There’s a file openacc_test.cpp
:
#include <complex>
#include <iostream>
#include <vector>
using t_complex = std::complex<double>;
int main()
{
auto n = std::size_t(100);
auto v = std::vector<t_complex>(n);
auto data = v.data();
#pragma acc data copy(data [0:n])
{
#pragma acc kernels
for (auto k = std::size_t(0); k < n; ++k)
{
data[k] = t_complex(0.0, 0.0);
data[k] += t_complex(double(k), double(k));
}
}
std::cout << data[2] << "\n";
}
Why does it print (96,96)
instead of (2,2)
when compiled with -acc
?
$ nvc++ --version
nvc++ 21.2-0 LLVM 64-bit target on x86-64 Linux -tp zen
NVIDIA Compilers and Tools
Copyright (c) 2020, NVIDIA CORPORATION. All rights reserved.
$ g++ openacc_test.cpp && ./a.out
(2,2)
$ nvc++ -acc openacc_test.cpp -Minfo=accel && ./a.out
main:
13, Generating copy(data[:n]) [if not already present]
Generating implicit copy(_T20074136_7370) [if not already present]
Generating implicit copyin(_T19259568_7370) [if not already present]

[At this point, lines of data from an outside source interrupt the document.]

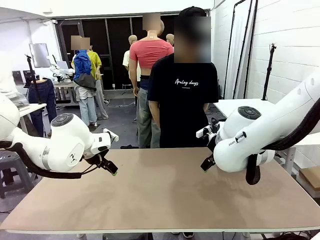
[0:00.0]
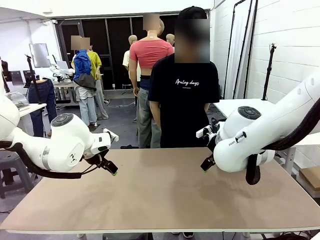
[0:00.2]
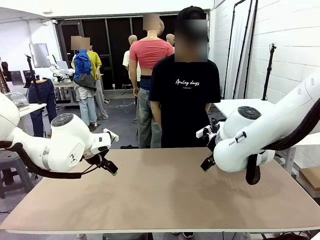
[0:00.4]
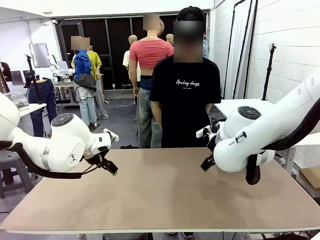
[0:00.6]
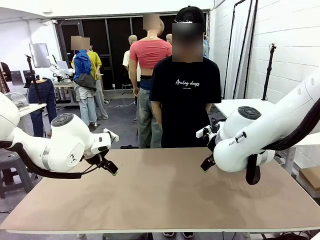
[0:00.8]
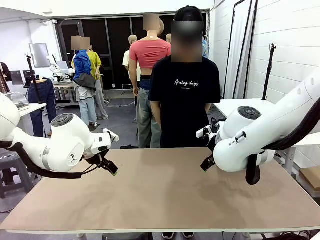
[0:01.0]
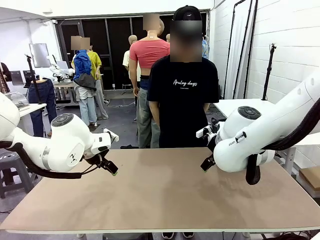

15, Loop is parallelizable
Generating Tesla code
15, #pragma acc loop gang, vector(128) /* blockIdx.x threadIdx.x */
std::complex<double>::complex(double, double):
1, include "complex"
38, include "complex"
1234, Generating implicit acc routine seq
Generating acc routine seq
Generating Tesla code
std::complex<double>::complex(double, double) [subobject]:
0, Generating implicit acc routine seq
Generating acc routine seq
Generating Tesla code
std::complex<double>::__rep() const:
1, include "complex"
38, include "complex"
1361, Generating implicit acc routine seq
Generating acc routine seq
Generating Tesla code
std::complex<double>& std::complex<double>::operator +=<double>(const std::complex<T1>&):
1, include "complex"
38, include "complex"
1330, Generating implicit acc routine seq
Generating acc routine seq
Generating Tesla code
(96,96)